Molecular crystal structures of 15 a (one of the two crystallographic independent molecules), 16 a, and 15 b (displacements are drawn at 50 % probability levels).

The dimethylchromenes 16 a and 16 b, were then transferred to vinyl chromenes 13 a and 13 b in five synthetic steps (Scheme 4). First, the phenolic hydroxyl groups of 16 are protected as methoxy groups with methyl iodide in good to excellent yields. For larger quantities, dimethyl sulfate in acetone led to similar good results. The hydroxymethylation of methoxy ethers 17 is achieved via lithiation at C‐3 and the addition of N‐(hydroxymethyl)phthalimide as an electrophile. A side product formed in this reaction when it was allowed to warm up before quenching and is described in the supporting information. Reduction to diols 19 and subsequent oxidation that also triggers an elimination, leads to α, β‐unsaturated aldehydes 20. A Wittig reaction then transforms the aldehydes to the vinyl chromenes 13 a and 13 b. The structures of 17 a and 18 a could be confirmed by X‐ray crystallography and are shown in Figure 3.

Scheme 4

Synthesis of vinyl chromenes 13 a and 13 b: a) MeI, K2CO3, DMF, reflux, 12 h, 82 % 17 a, 95 % 17 b; b) Me2S2O4, Acetone, reflux, 4 h, 97 % 17 b; c) LiTMP, N‐(hydroxymethyl)phthamimide, THF, −78 °C, 2 h, 82 % 18 a, 82 % 18 b; d) LiAlH4, THF, 0 °C bis r. t., 2 h, 77 % 19 a, >98 % 19 b; e) Oxalyl chloride, DMSO, Et3N, CH2Cl2, −55 °C, 3 h, 80 % 20 a, 89 % 20 b; f) MePPh3Br, t‐BuOK, THF, −78 °C to r. t., 30 min, 81 % 13 a, 95 % 13 b.

Figure 3

Molecular structures of 17 a and 18 a (displacements are drawn at 50 % probability levels).

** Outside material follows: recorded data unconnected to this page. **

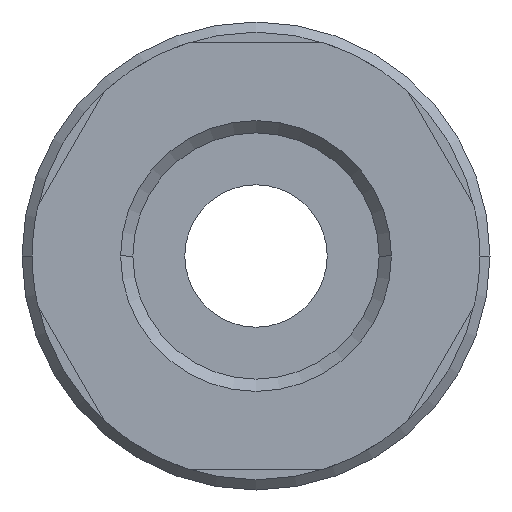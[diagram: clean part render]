
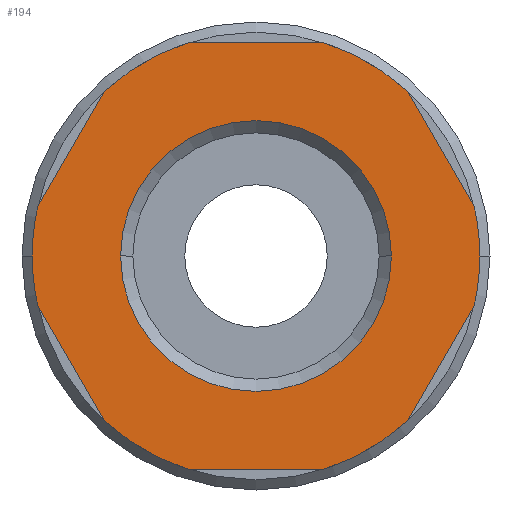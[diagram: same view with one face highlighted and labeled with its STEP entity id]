
A CAD part, front view. The second image highlights one B-rep face of the part: STEP entity #194.
In plain terms, the highlighted planar face has unit normal (0, -1, 0).
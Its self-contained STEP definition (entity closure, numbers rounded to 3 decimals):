
#194=ADVANCED_FACE('',(#416,#417),#418,.T.);
#416=FACE_BOUND('',#667,.T.);
#417=FACE_OUTER_BOUND('',#668,.T.);
#418=PLANE('',#669);
#667=EDGE_LOOP('',(#1145,#1146));
#668=EDGE_LOOP('',(#1147,#1148,#1149,#1150,#1151,#1152,#1153,#1154,#1155,#1156,#1157,#1158,#1159,#1160));
#669=AXIS2_PLACEMENT_3D('',#1161,#1162,#1163);
#1145=ORIENTED_EDGE('',*,*,#1615,.T.);
#1146=ORIENTED_EDGE('',*,*,#1520,.T.);
#1147=ORIENTED_EDGE('',*,*,#1539,.F.);
#1148=ORIENTED_EDGE('',*,*,#1616,.F.);
#1149=ORIENTED_EDGE('',*,*,#1527,.F.);
#1150=ORIENTED_EDGE('',*,*,#1574,.F.);
#1151=ORIENTED_EDGE('',*,*,#1617,.F.);
#1152=ORIENTED_EDGE('',*,*,#1618,.F.);
#1153=ORIENTED_EDGE('',*,*,#1516,.F.);
#1154=ORIENTED_EDGE('',*,*,#1503,.F.);
#1155=ORIENTED_EDGE('',*,*,#1619,.F.);
#1156=ORIENTED_EDGE('',*,*,#1620,.F.);
#1157=ORIENTED_EDGE('',*,*,#1556,.F.);
#1158=ORIENTED_EDGE('',*,*,#1621,.F.);
#1159=ORIENTED_EDGE('',*,*,#1488,.F.);
#1160=ORIENTED_EDGE('',*,*,#1622,.F.);
#1161=CARTESIAN_POINT('',(5.5,0.0,0.0));
#1162=DIRECTION('',(-0.0,-1.0,-0.0));
#1163=DIRECTION('',(-1.0,0.0,0.0));
#1488=EDGE_CURVE('',#1778,#1780,#1781,.T.);
#1503=EDGE_CURVE('',#1803,#1805,#1806,.T.);
#1516=EDGE_CURVE('',#1805,#1820,#1824,.T.);
#1520=EDGE_CURVE('',#1826,#1828,#1830,.T.);
#1527=EDGE_CURVE('',#1839,#1841,#1842,.T.);
#1539=EDGE_CURVE('',#1856,#1858,#1859,.T.);
#1556=EDGE_CURVE('',#1883,#1879,#1885,.T.);
#1574=EDGE_CURVE('',#1909,#1839,#1911,.T.);
#1615=EDGE_CURVE('',#1828,#1826,#1965,.T.);
#1616=EDGE_CURVE('',#1841,#1856,#1966,.T.);
#1617=EDGE_CURVE('',#1967,#1909,#1968,.T.);
#1618=EDGE_CURVE('',#1820,#1967,#1969,.T.);
#1619=EDGE_CURVE('',#1970,#1803,#1971,.T.);
#1620=EDGE_CURVE('',#1879,#1970,#1972,.T.);
#1621=EDGE_CURVE('',#1780,#1883,#1973,.T.);
#1622=EDGE_CURVE('',#1858,#1778,#1974,.T.);
#1778=VERTEX_POINT('',#2273);
#1780=VERTEX_POINT('',#2276);
#1781=CIRCLE('',#2277,11.0);
#1803=VERTEX_POINT('',#2336);
#1805=VERTEX_POINT('',#2339);
#1806=LINE('',#2340,#2341);
#1820=VERTEX_POINT('',#2359);
#1824=CIRCLE('',#2364,11.0);
#1826=VERTEX_POINT('',#2366);
#1828=VERTEX_POINT('',#2369);
#1830=CIRCLE('',#2372,6.655);
#1839=VERTEX_POINT('',#2403);
#1841=VERTEX_POINT('',#2406);
#1842=LINE('',#2407,#2408);
#1856=VERTEX_POINT('',#2437);
#1858=VERTEX_POINT('',#2440);
#1859=LINE('',#2441,#2442);
#1879=VERTEX_POINT('',#2498);
#1883=VERTEX_POINT('',#2503);
#1885=CIRCLE('',#2506,11.0);
#1909=VERTEX_POINT('',#2534);
#1911=CIRCLE('',#2537,11.0);
#1965=CIRCLE('',#2618,6.655);
#1966=CIRCLE('',#2619,11.0);
#1967=VERTEX_POINT('',#2620);
#1968=LINE('',#2621,#2622);
#1969=CIRCLE('',#2623,11.0);
#1970=VERTEX_POINT('',#2624);
#1971=CIRCLE('',#2625,11.0);
#1972=LINE('',#2626,#2627);
#1973=LINE('',#2628,#2629);
#1974=CIRCLE('',#2630,11.0);
#2273=CARTESIAN_POINT('',(-11.0,0.0,0.));
#2276=CARTESIAN_POINT('',(-10.733,0.0,2.411));
#2277=AXIS2_PLACEMENT_3D('',#2801,#2802,#2803);
#2336=CARTESIAN_POINT('',(7.454,0.0,8.089));
#2339=CARTESIAN_POINT('',(10.733,0.0,2.411));
#2340=CARTESIAN_POINT('',(9.781,0.0,4.059));
#2341=VECTOR('',#2818,1.0);
#2359=CARTESIAN_POINT('',(11.0,0.0,0.));
#2364=AXIS2_PLACEMENT_3D('',#2836,#2837,#2838);
#2366=CARTESIAN_POINT('',(6.655,0.0,0.));
#2369=CARTESIAN_POINT('',(-6.655,0.0,0.));
#2372=AXIS2_PLACEMENT_3D('',#2841,#2842,#2843);
#2403=CARTESIAN_POINT('',(3.279,0.0,-10.5));
#2406=CARTESIAN_POINT('',(-3.279,0.0,-10.5));
#2407=CARTESIAN_POINT('',(2.75,0.0,-10.5));
#2408=VECTOR('',#2848,1.0);
#2437=CARTESIAN_POINT('',(-7.454,0.0,-8.089));
#2440=CARTESIAN_POINT('',(-10.733,0.0,-2.411));
#2441=CARTESIAN_POINT('',(-8.406,0.0,-6.441));
#2442=VECTOR('',#2860,1.0);
#2498=CARTESIAN_POINT('',(-3.279,0.0,10.5));
#2503=CARTESIAN_POINT('',(-7.454,0.0,8.089));
#2506=AXIS2_PLACEMENT_3D('',#2878,#2879,#2880);
#2534=CARTESIAN_POINT('',(7.454,0.0,-8.089));
#2537=AXIS2_PLACEMENT_3D('',#2907,#2908,#2909);
#2618=AXIS2_PLACEMENT_3D('',#2975,#2976,#2977);
#2619=AXIS2_PLACEMENT_3D('',#2978,#2979,#2980);
#2620=CARTESIAN_POINT('',(10.733,0.0,-2.411));
#2621=CARTESIAN_POINT('',(9.781,0.0,-4.059));
#2622=VECTOR('',#2981,1.0);
#2623=AXIS2_PLACEMENT_3D('',#2982,#2983,#2984);
#2624=CARTESIAN_POINT('',(3.279,0.0,10.5));
#2625=AXIS2_PLACEMENT_3D('',#2985,#2986,#2987);
#2626=CARTESIAN_POINT('',(2.75,0.0,10.5));
#2627=VECTOR('',#2988,1.0);
#2628=CARTESIAN_POINT('',(-8.406,0.0,6.441));
#2629=VECTOR('',#2989,1.0);
#2630=AXIS2_PLACEMENT_3D('',#2990,#2991,#2992);
#2801=CARTESIAN_POINT('',(0.0,0.0,0.0));
#2802=DIRECTION('',(-0.0,1.0,0.0));
#2803=DIRECTION('',(1.0,0.0,0.0));
#2818=DIRECTION('',(0.5,0.0,-0.866));
#2836=CARTESIAN_POINT('',(0.0,0.0,0.0));
#2837=DIRECTION('',(-0.0,1.0,0.0));
#2838=DIRECTION('',(1.0,0.0,0.0));
#2841=CARTESIAN_POINT('',(0.0,0.0,0.0));
#2842=DIRECTION('',(-0.0,1.0,0.0));
#2843=DIRECTION('',(1.0,0.0,0.0));
#2848=DIRECTION('',(-1.0,0.0,0.0));
#2860=DIRECTION('',(-0.5,0.0,0.866));
#2878=CARTESIAN_POINT('',(0.0,0.0,0.0));
#2879=DIRECTION('',(-0.0,1.0,0.0));
#2880=DIRECTION('',(1.0,0.0,0.0));
#2907=CARTESIAN_POINT('',(0.0,0.0,0.0));
#2908=DIRECTION('',(-0.0,1.0,0.0));
#2909=DIRECTION('',(1.0,0.0,0.0));
#2975=CARTESIAN_POINT('',(0.0,0.0,0.0));
#2976=DIRECTION('',(-0.0,1.0,0.0));
#2977=DIRECTION('',(1.0,0.0,0.0));
#2978=CARTESIAN_POINT('',(0.0,0.0,0.0));
#2979=DIRECTION('',(-0.0,1.0,0.0));
#2980=DIRECTION('',(1.0,0.0,0.0));
#2981=DIRECTION('',(-0.5,0.0,-0.866));
#2982=CARTESIAN_POINT('',(0.0,0.0,0.0));
#2983=DIRECTION('',(-0.0,1.0,0.0));
#2984=DIRECTION('',(1.0,0.0,0.0));
#2985=CARTESIAN_POINT('',(0.0,0.0,0.0));
#2986=DIRECTION('',(-0.0,1.0,0.0));
#2987=DIRECTION('',(1.0,0.0,0.0));
#2988=DIRECTION('',(1.0,-0.0,0.));
#2989=DIRECTION('',(0.5,-0.0,0.866));
#2990=CARTESIAN_POINT('',(0.0,0.0,0.0));
#2991=DIRECTION('',(-0.0,1.0,0.0));
#2992=DIRECTION('',(1.0,0.0,0.0));

While the vinyl chromenes 13 have been successfully stored at −20 °C and under argon atmosphere for several days, it is recommended to transform them into the Diels‐Alder product as soon as possible. At room temperature, it was observed that the vinyl chromene 13 b shows signs of degradation, putatively due to polymerization, oxidation, or dimerization. An attempt to isolate and characterize the resulting compounds has not been successful. Diels‐Alder reactions were performed with the substrate 13 a (Scheme 5). The reaction with methyl maleic anhydride led to a mixture of the regioisomers 21 and 22. With a 34 % yield, regioisomer 21 was the main product, whereas only traces of the second regioisomer were found.

Scheme 5

Diels‐Alder modification of 13 a: a) methyl maleic anhydride, CH2Cl2, RT, 16 h, 34 % 21, 1 % 22; b) maleic anhydride, CH3CN, RT, 13 h, 73 %.

Conversion with maleic anhydride led under slightly different conditions to anhydride 23 in 73 % yield.

The relative configuration of the Diels‐Alder products 21, 22, and 23 were confirmed via X‐ray crystallography and are shown in Figure 4.

Figure 4

Molecular structures of 21, 22, and 23 (displacements are drawn at 50 % probability levels).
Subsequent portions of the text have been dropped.